Hey Scott,
 
I love the disclaimer at the bottom of your mossyblog.com site:
We own this crap (Any hacking, copying, spaming, etc will result in headbutts) All trademarks property of their owners. blah blah.. . We also reserve the right to use poor spelling, terrible gramma and at times are not required to make sense. We are NOT Macromedia worshipers, we are infact Monkeys at a keyboard...OooO.OoO.oo
Nice.
 
Simon
-----Original Message-----
From: Scott Barnes [mailto:[EMAIL PROTECTED]
Sent: 01 April 2005 00:57
To: flexcoders@yahoogroups.com
Subject: Re: [flexcoders] Re: Flex 1.5 price

>
> I have been dealing with Macromedia/allaire since 1997. And I have
> never once seen a price decrease. and in all of that time I want to
> say the typical price increase has been about 100%. Or if not a
> price increase a drop off in what you are getting.. 4 CPus now is
> only 2. (CFMX) 2 Cpus is now only 1 (Flex).

That goes with inflation, technology increases and what not.
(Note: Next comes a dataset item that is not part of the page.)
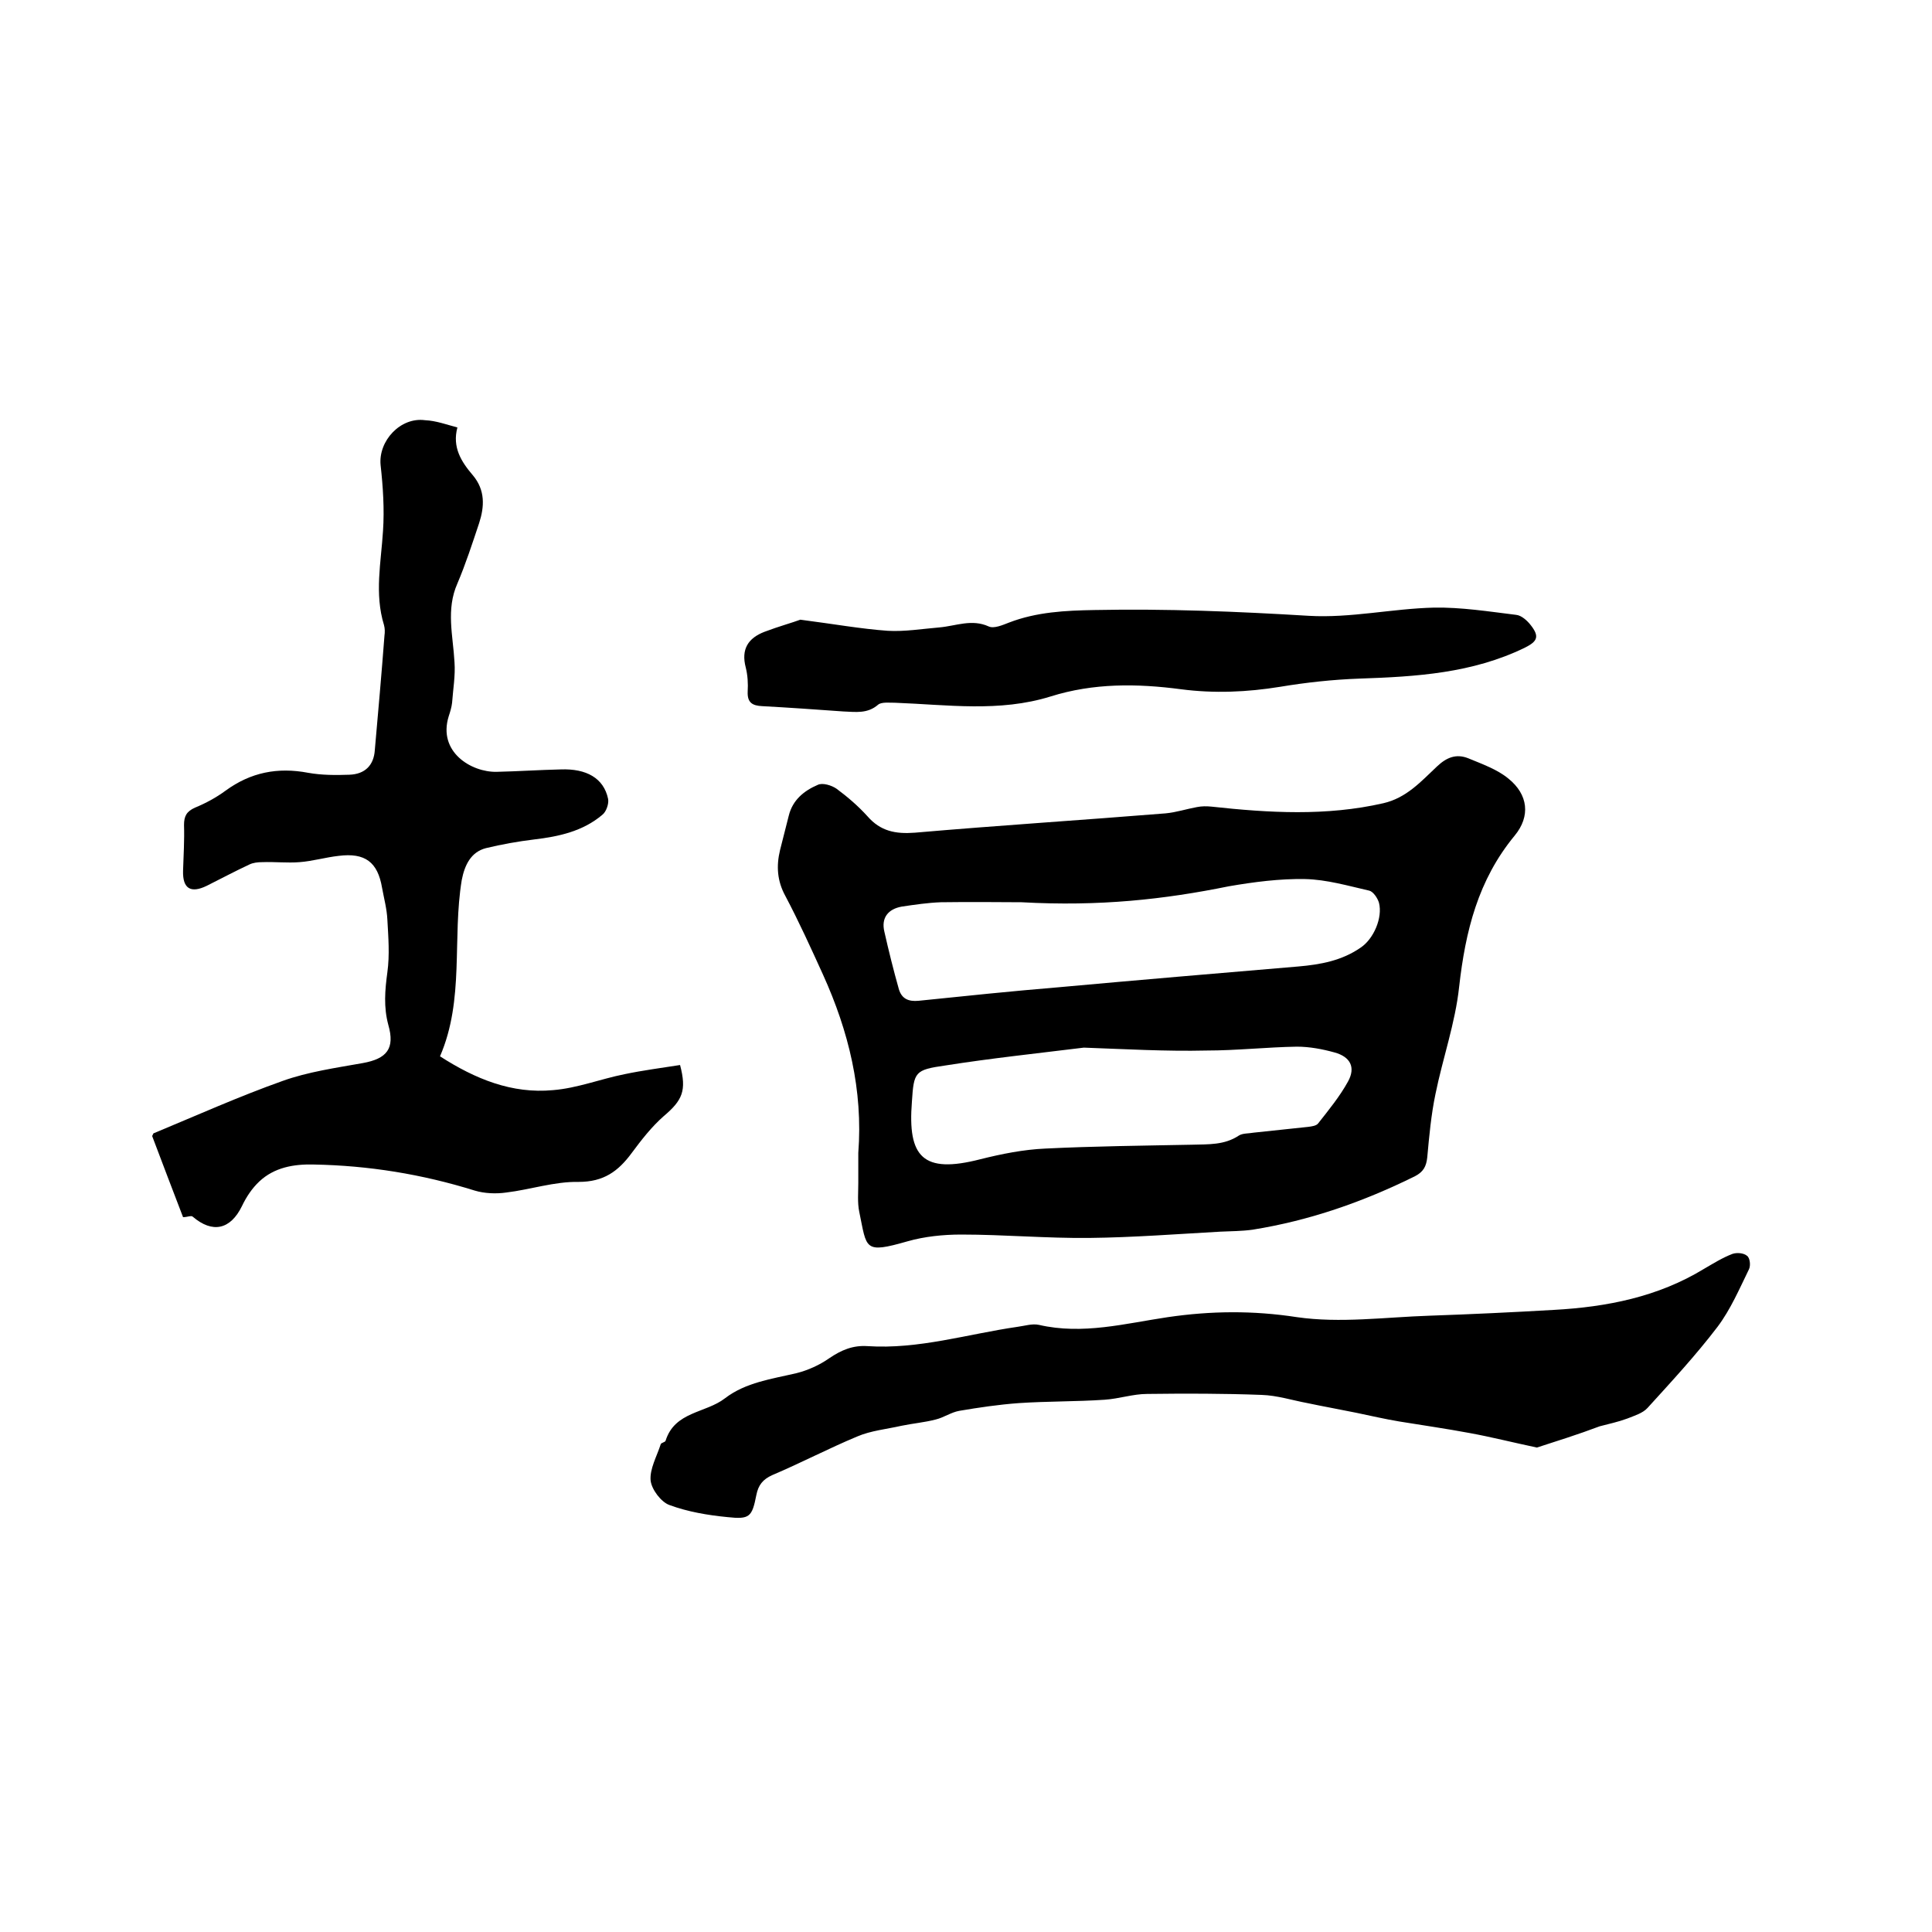 <svg enable-background="new 0 0 400 400" viewBox="0 0 400 400" xmlns="http://www.w3.org/2000/svg"><path d="m177.7 238.7c1-13-2-25.2-7.3-36.9-2.5-5.5-5-11-7.8-16.3-1.7-3.1-1.9-6.2-1.1-9.5.6-2.4 1.2-4.7 1.8-7.1.8-3.3 3.2-5.2 6-6.4 1-.5 2.9.1 3.9.8 2.3 1.7 4.5 3.6 6.4 5.7 2.7 3.1 5.8 3.7 9.8 3.4 17.3-1.5 34.6-2.6 51.9-4 2.2-.2 4.3-.9 6.5-1.3 1-.2 2-.2 3-.1 11.9 1.3 23.8 2 35.6-.7 4.8-1.1 7.8-4.5 11.1-7.6 2-1.9 4-2.7 6.5-1.7 2.9 1.2 6 2.3 8.3 4.2 4.1 3.3 4.6 7.8 1.3 11.8-7.6 9.2-10.2 19.8-11.5 31.3-.8 7.5-3.4 14.8-4.9 22.2-.9 4.3-1.3 8.7-1.7 13.1-.2 1.9-.8 3-2.5 3.9-10.7 5.3-21.8 9.2-33.7 11.1-2.2.3-4.4.3-6.6.4-9 .5-18.1 1.2-27.1 1.3-8.9.1-17.7-.7-26.6-.7-3.7 0-7.6.4-11.1 1.4-9.1 2.6-8.4 1.6-10-6.1-.4-1.9-.2-4-.2-6 0-2.2 0-4.2 0-6.2zm33.8-51.9c-3.8 0-10.3-.1-16.7 0-2.7.1-5.4.5-8.1.9-2.8.5-4.3 2.3-3.6 5.2.9 4 1.9 8 3 11.9.6 2 2 2.6 4.1 2.4 9.7-1 19.3-2 29-2.8 16.5-1.5 33-2.9 49.6-4.3 4.6-.4 9-1.2 12.9-3.9 2.7-1.8 4.6-6.2 3.8-9.3-.3-1-1.2-2.3-2-2.5-4.4-1-8.8-2.3-13.3-2.4-5.2-.1-10.6.6-15.8 1.5-13.3 2.7-26.7 4.2-42.9 3.3zm12.9 30.1c-9.7 1.2-19.2 2.2-28.7 3.7-6.3.9-6.5 1.3-6.9 7.5-.9 11.4 2.2 15 14.2 11.9 4.4-1.1 8.9-2 13.4-2.2 10.1-.5 20.3-.6 30.4-.8 3.4-.1 6.7.1 9.7-1.9.8-.5 2-.4 3.1-.6 3.8-.4 7.6-.8 11.3-1.2.7-.1 1.6-.2 2-.7 2.2-2.8 4.5-5.6 6.2-8.7 1.6-2.9.5-5.1-2.8-6-2.5-.7-5.2-1.2-7.8-1.2-6.2.1-12.5.8-18.7.8-8.4.2-17-.3-25.4-.6z"/><path d="m94.7 88.5c-1.1 4.1.8 7.1 3.2 9.9 2.6 3.1 2.4 6.5 1.3 9.9-1.4 4.2-2.8 8.5-4.5 12.5-2.4 5.4-.9 10.8-.6 16.3.2 2.8-.3 5.6-.5 8.4-.1.9-.4 1.9-.7 2.8-2.3 7.4 4.7 11.6 9.9 11.5 4.4-.1 8.9-.4 13.3-.5 5.3-.2 8.9 1.8 9.8 6.1.2 1-.4 2.7-1.2 3.3-4 3.4-9 4.5-14.1 5.1-3.3.4-6.7 1-10 1.8-3.1.8-4.4 3.5-5 6.6-2 12.1.6 24.7-4.5 36.5 7.3 4.7 14.9 7.8 23.4 7 5-.4 9.8-2.3 14.8-3.3 3.8-.8 7.7-1.3 11.5-1.9 1.4 5.3.5 7.3-3.4 10.6-2.5 2.2-4.6 4.9-6.6 7.6-2.8 3.8-5.8 6-11 6-5-.1-10 1.6-15 2.2-2.1.3-4.5.2-6.5-.4-10.9-3.4-22-5.2-33.4-5.4-4.1-.1-8.1.6-11.2 3.5-1.5 1.4-2.7 3.2-3.6 5.1-2.4 4.9-6.1 5.7-10.2 2.2-.3-.3-1.1.1-2 .1-2.1-5.5-4.3-11.2-6.4-16.8.2-.3.2-.6.4-.6 8.9-3.7 17.6-7.6 26.6-10.8 5.3-1.9 11-2.7 16.6-3.7 5-.9 6.7-3 5.3-7.9-1-3.7-.7-7.2-.2-10.9.5-3.6.2-7.3 0-10.9-.1-2.2-.7-4.4-1.1-6.6-.9-5.3-3.5-7.3-9-6.6-2.7.3-5.4 1.1-8.1 1.3-2.5.2-5.1-.1-7.7 0-.9 0-1.9.1-2.7.5-3 1.4-5.8 2.9-8.8 4.4-3.3 1.6-5 .6-4.9-3.1.1-3.2.3-6.3.2-9.5 0-1.8.5-2.8 2.3-3.6 2.2-.9 4.4-2.1 6.3-3.5 5.2-3.8 10.8-4.9 17.1-3.7 2.8.5 5.7.5 8.5.4 3.3-.1 5.1-2 5.3-5.1.7-7.9 1.4-15.8 2-23.7.1-.7.1-1.5-.1-2.2-2-6.5-.6-13-.2-19.5.3-4.5 0-9.1-.5-13.6-.5-5 4.1-10 9.2-9.3 2.3.1 4.4.9 6.7 1.5z"/><path d="m318.2 299.7c-5.2-1.1-9.5-2.2-13.9-3-4.8-.9-9.7-1.6-14.6-2.4-3-.5-6-1.2-8.9-1.8-3.4-.7-6.8-1.3-10.1-2-3.2-.6-6.3-1.6-9.5-1.7-7.9-.3-15.8-.3-23.7-.2-2.9 0-5.8 1-8.8 1.2-5.9.4-11.9.3-17.8.7-4.1.3-8.2.9-12.3 1.6-1.7.3-3.2 1.4-4.9 1.8-2.3.6-4.7.8-7.1 1.3-3.1.7-6.3 1-9.1 2.2-6 2.5-11.7 5.5-17.6 8-2 .9-2.9 2.1-3.3 4.1-.9 4.6-1.4 5.1-6 4.6-4.1-.4-8.2-1.1-12-2.5-1.7-.6-3.7-3.2-3.9-5.1-.2-2.4 1.3-5 2.1-7.5.1-.3.9-.4 1-.7 1.9-6.1 8.3-5.7 12.3-8.8 4.3-3.3 9.7-4 14.8-5.2 2.4-.6 4.8-1.7 6.8-3.1 2.5-1.7 4.9-2.7 7.9-2.5 10.6.7 20.7-2.5 31.1-4 1.5-.2 3-.7 4.4-.4 9.1 2.1 17.9-.3 26.7-1.6 8.9-1.3 17.6-1.4 26.7 0 9 1.3 18.3 0 27.5-.3 8.6-.3 17.1-.7 25.7-1.2 11-.6 21.6-2.7 31.1-8.5 1.9-1.1 3.8-2.3 5.9-3.1.9-.3 2.3-.2 3 .4.6.4.8 2 .4 2.8-2 4.1-3.8 8.3-6.5 11.9-4.5 5.9-9.5 11.3-14.5 16.8-1 1.1-2.7 1.6-4.2 2.2-1.9.7-3.8 1.1-5.7 1.6-4.5 1.7-9 3.1-13 4.4z"/><path d="m165.7 128.3c7 .9 12.5 1.9 18.1 2.3 3.5.2 7.1-.4 10.7-.7 3.4-.3 6.7-1.8 10.2-.2 1.1.5 2.9-.3 4.2-.8 5.7-2.2 11.7-2.5 17.7-2.6 14.8-.3 29.6.3 44.4 1.2 8.6.5 17.3-1.5 25.9-1.7 5.6-.1 11.3.8 17 1.5 1.1.1 2.3 1.2 3 2.1 1.9 2.4 1.4 3.4-1.2 4.7-10.9 5.3-22.5 6-34.3 6.4-5.5.2-11 .8-16.4 1.7-6.8 1.1-13.6 1.4-20.5.5-9.1-1.2-18.1-1.3-27 1.5-10.6 3.3-21.4 1.7-32.1 1.3-1.2 0-2.9-.2-3.6.4-2.2 1.9-4.6 1.5-7.2 1.4-5.6-.4-11.2-.8-16.8-1.1-2-.1-3.1-.7-3-3 .1-1.7 0-3.4-.4-5-1-3.8.5-6.1 3.9-7.4 2.9-1.1 5.8-1.9 7.4-2.5z"/></svg>

I'm yet
to see any software really get lower in price with increase in
features...its like crack, give it cheaply away for free early then
once they are hooked, up the price heh...not saying i smoke crack -
well it would explain a lot - just an analogy.

>
> Along time ago they decided to go with the strategy of Fewer
> customers paying higher bills. 200 new customers does not sound like
> a lot, which is why you have to charge a lot. it certainly is not on
> the install base of asp, .NET etc. Clearly they like FLEX becasue it
> is new and they can charge twice what they charge for CFMX.

You *could* argue the whole Qty vs Quality, 200 customers @
$12k(2xCPU) or 500 customers at 6k(2xCPU) - now you could say that 300
customers could of bought them at 12k and so thats a loss in profits -
but reality dictates that those 300 customers could bought into the
product based on price. I'm also a little fuzzy as to the what IT
Manager in what Enterprise corporation looks at a product like FLEX,
(even without knowing it) gives it a test run and simply turns to the
powers that be and go "yeah, i think its too cheap so i'm not going to
buy it now...if it were double the price, well then maybe ..) I know
i'm fueling an argument here but that is a consistent reply i seem to
read where people go "Enterprise buy big, its too cheap etc"

We bought the product without thinking of the price at all, it was
more out of need / and how we could best use it and so thats why i'm
in different to the price uphike because i have a rich company to play
in. Yet if the whole "its priced for enterprise" companies is just
plain silly to me as a lot of IT Managers i know here in Australia in
some pretty darn big corporations tend to think conservatively about
their spending. I know one company who refuses to buy FLEX because
they see Macromedia as this company shouting from the roof tops "we
are no longer web agency specific..hello..we are now enterprise..see
our products have the word enterprise in them now...carn gimme fiddy-k
in products"

hehe. that was his exact words btw.

> In 2 years it will be FLEX 40k, and you will have only a small base
> of people to hire, and if you want a FLEX developer plan on building
> a 6 month training process into the hire.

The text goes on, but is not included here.